This is an analysis of the R5RS provision that the full numeric tower may be subsetted. In this analysis, four boolean feature settings characterize different kinds of numeric towers: exactness-preserving
, ratios
, inexact
, and complex
. These refer respectively to the closure of exact numbers under rational operations (except /
), exact non-integer values, inexact rationals, and non-real numbers.
There are therefore 16 possible numeric towers. 9 of them are known to have implementations, as shown below. I write +
if a feature is present and -
if it is absent, and give a general description of the resulting tower and some Scheme implementations that provide it.
exactness-preserving |
ratios |
inexact |
complex |
Description | Implementations |
---|---|---|---|---|---|
- | - | - | - | Bounded exact integers only | !SigScheme†, MiniScheme† |
- | - | + | - | Fixnums and flonums | Plain Chicken 4, Shoe†, TinyScheme†, RScheme, JScheme†, SIOD, BDC†, XLisp†, Schemik†, VX, SXM†, Inlab, Llava, Sixx, Picrin†, Sizzle, Dfsch†, Stalin (also Elisp†, C†) |
- | + | + | + | Limited-range exact and inexact numbers | S7, Wraith |
+ | - | + | - | Exact integers and inexact real numbers | Bigloo, Scheme 9, Unlikely Scheme††, Elk (also ISLisp) |
+ | - | + | + | Exact integers, inexact real numbers, and complex numbers | SCM, Cyclone |
+ | + | - | - | Exact rational numbers only | Dream, Oaklisp |
+ | + | - | + | Exact numbers only | Owl Lisp |
+ | + | + | - | Real numbers only | Psyche, Ikarus, Rep, Dfsch (also Clojure) |
+ | + | + | + | Full numeric tower | Racket, Gauche, MIT, Gambit, Chicken 4 with the numbers egg, Chicken 5, Scheme48/scsh, Kawa, SISC, Chibi, Guile, Chez, Vicare, Larceny, Ypsilon, Mosh, IronScheme, STklos, KSi, UMB, Spark, Sagittarius (also R6RS, Common Lisp, Pure) |
†These systems are technically exactness-preserving, but silently return the wrong answers when their arithmetic operations overflow. This makes them non-conformant.
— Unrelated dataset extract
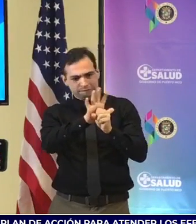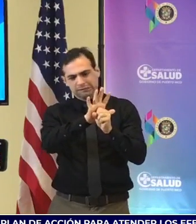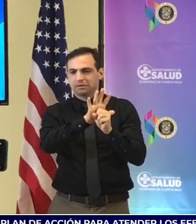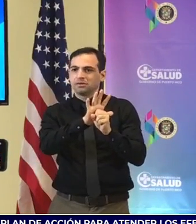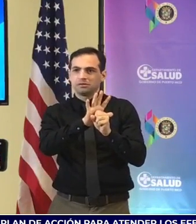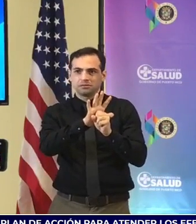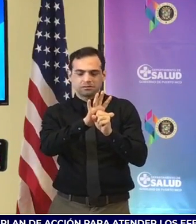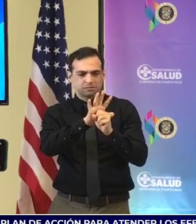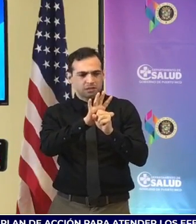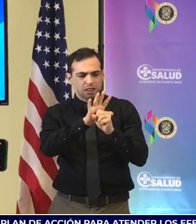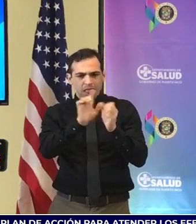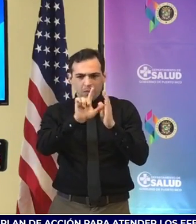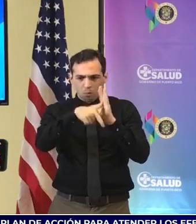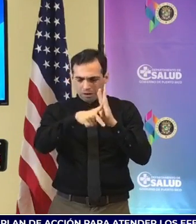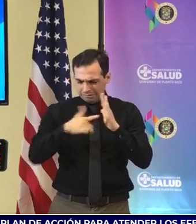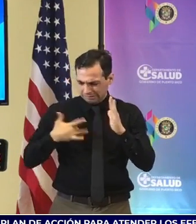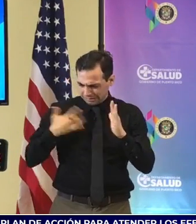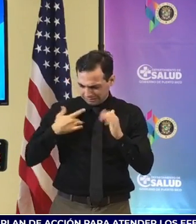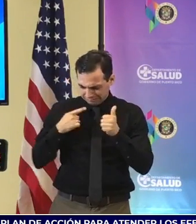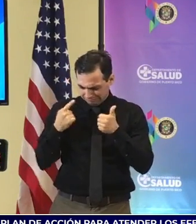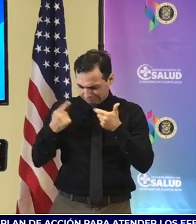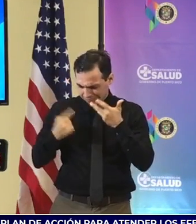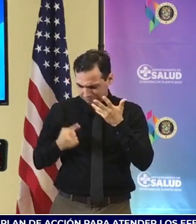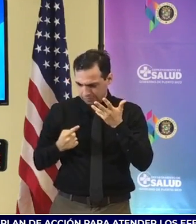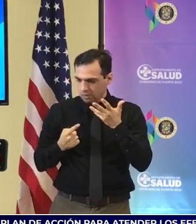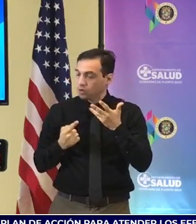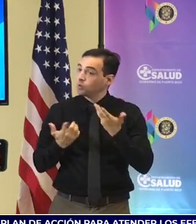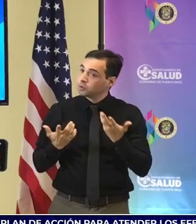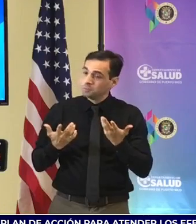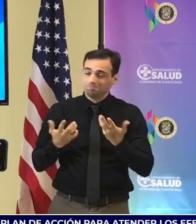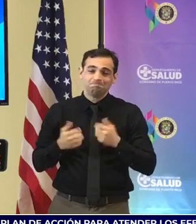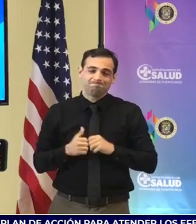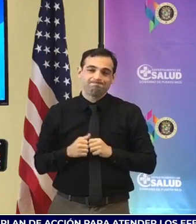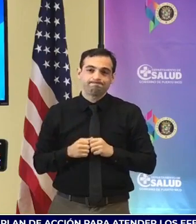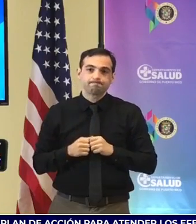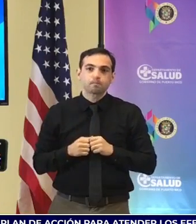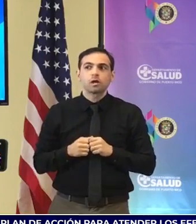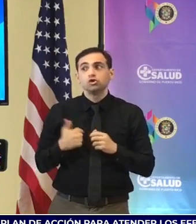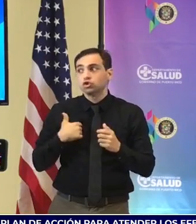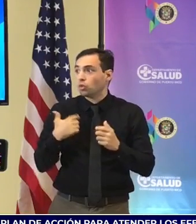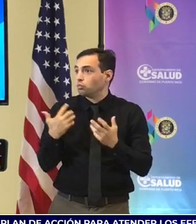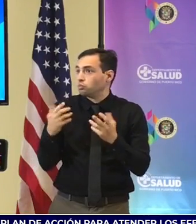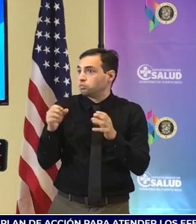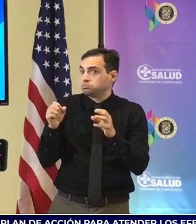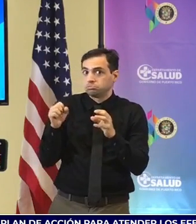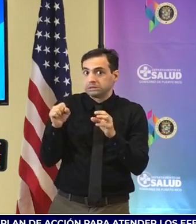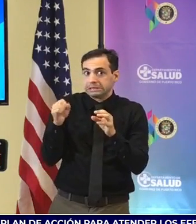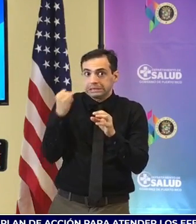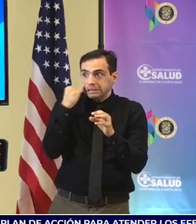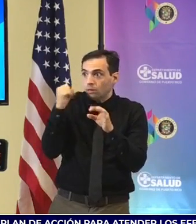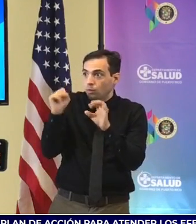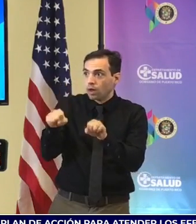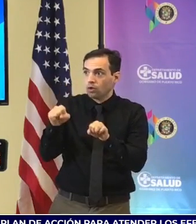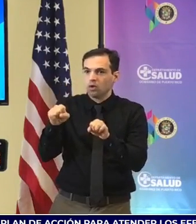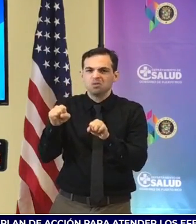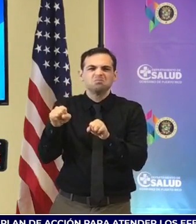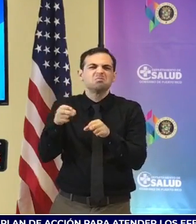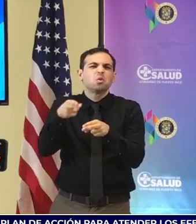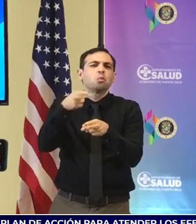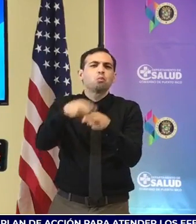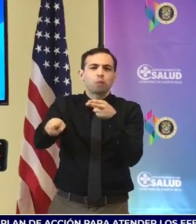padecido post-COVID. Me encantaría, si fuera posible, presentar un pequeño
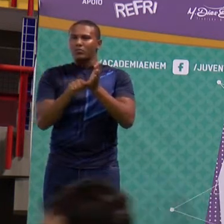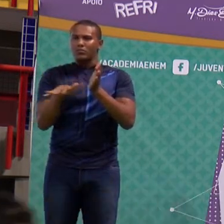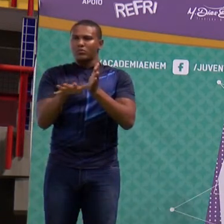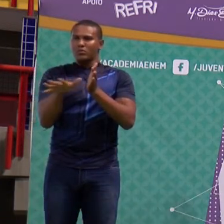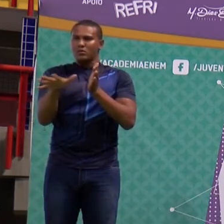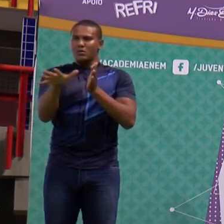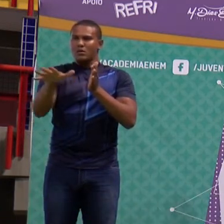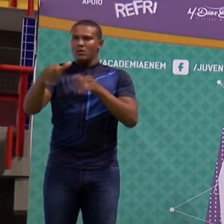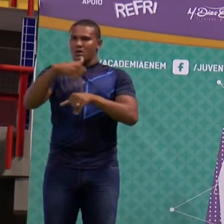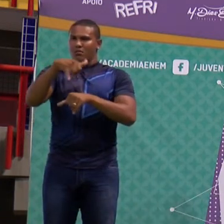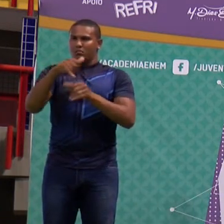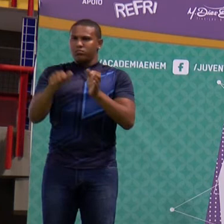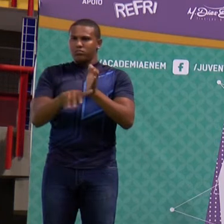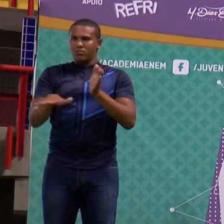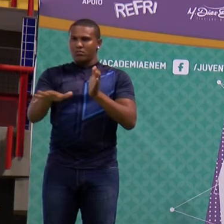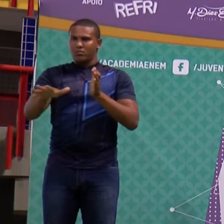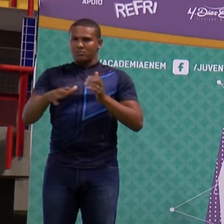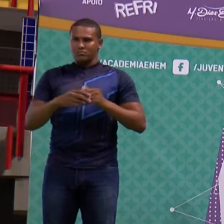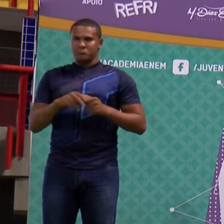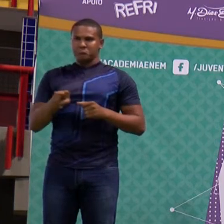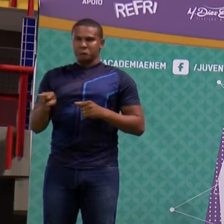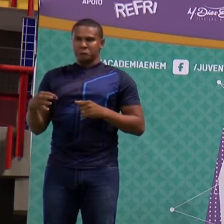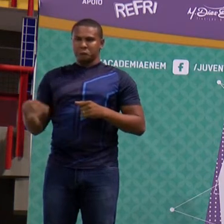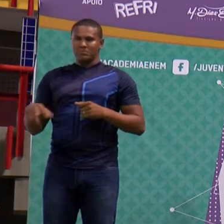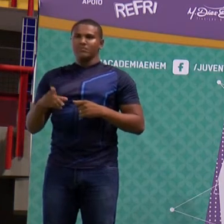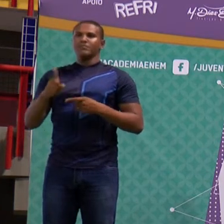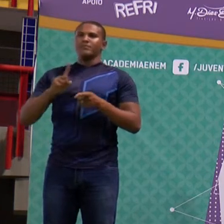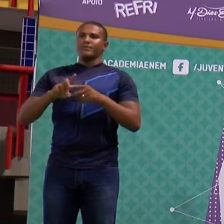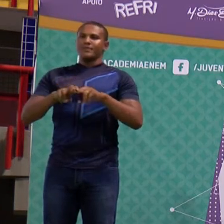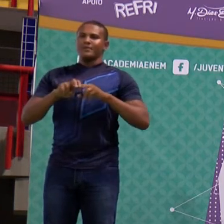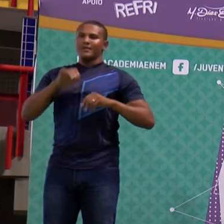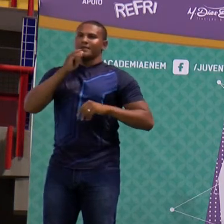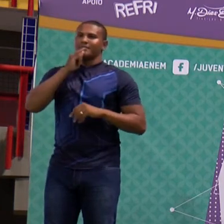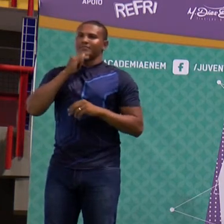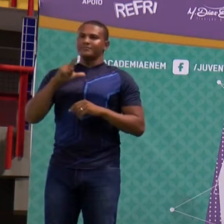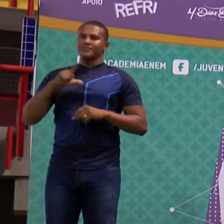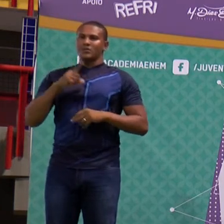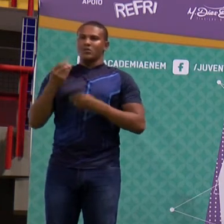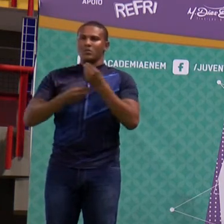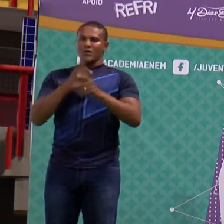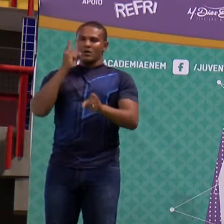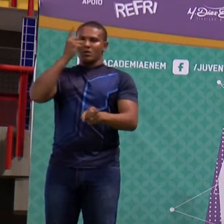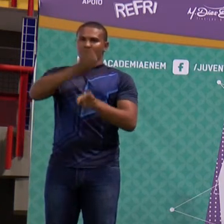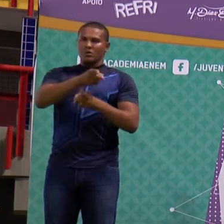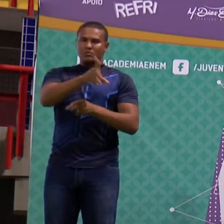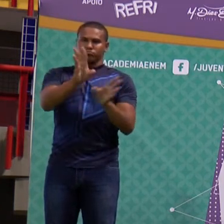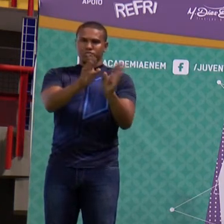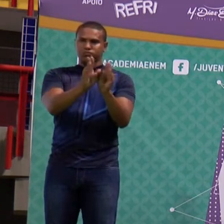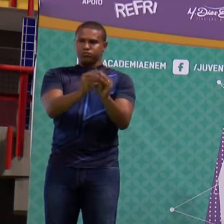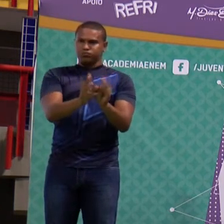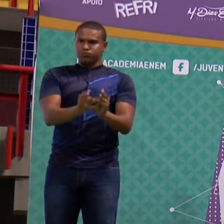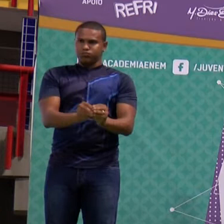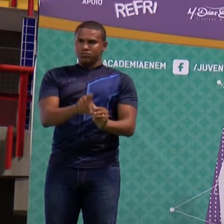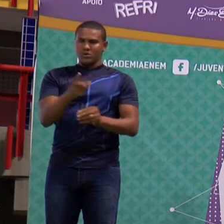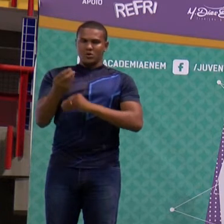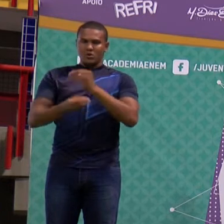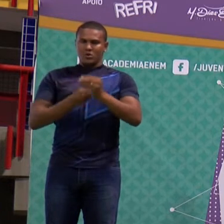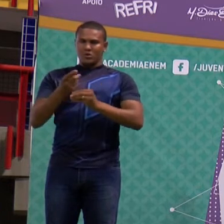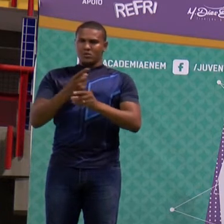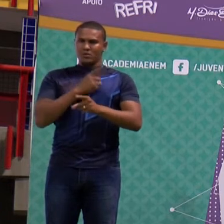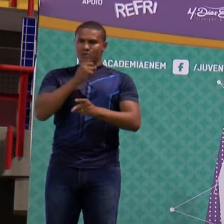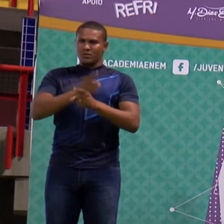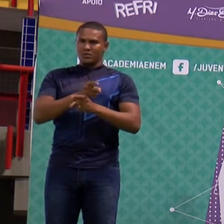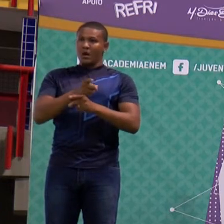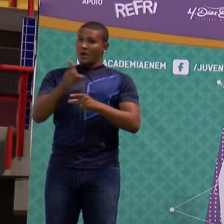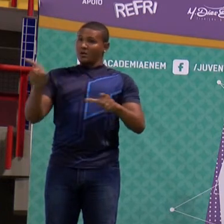por autótrofos fotossintetizantes encontrados nesses ambientes. Esse item é o item

††This system provides ratios, but they are so buggy as to be useless: (/ 1 3)
=> 3/7.
NexJ's numeric tower is undocumented and behaves inconsistently in any case: applying expt
to two fixnums, for example, returns a bignum, but adding them returns a potentially incorrect fixnum. Basically it does what Java does.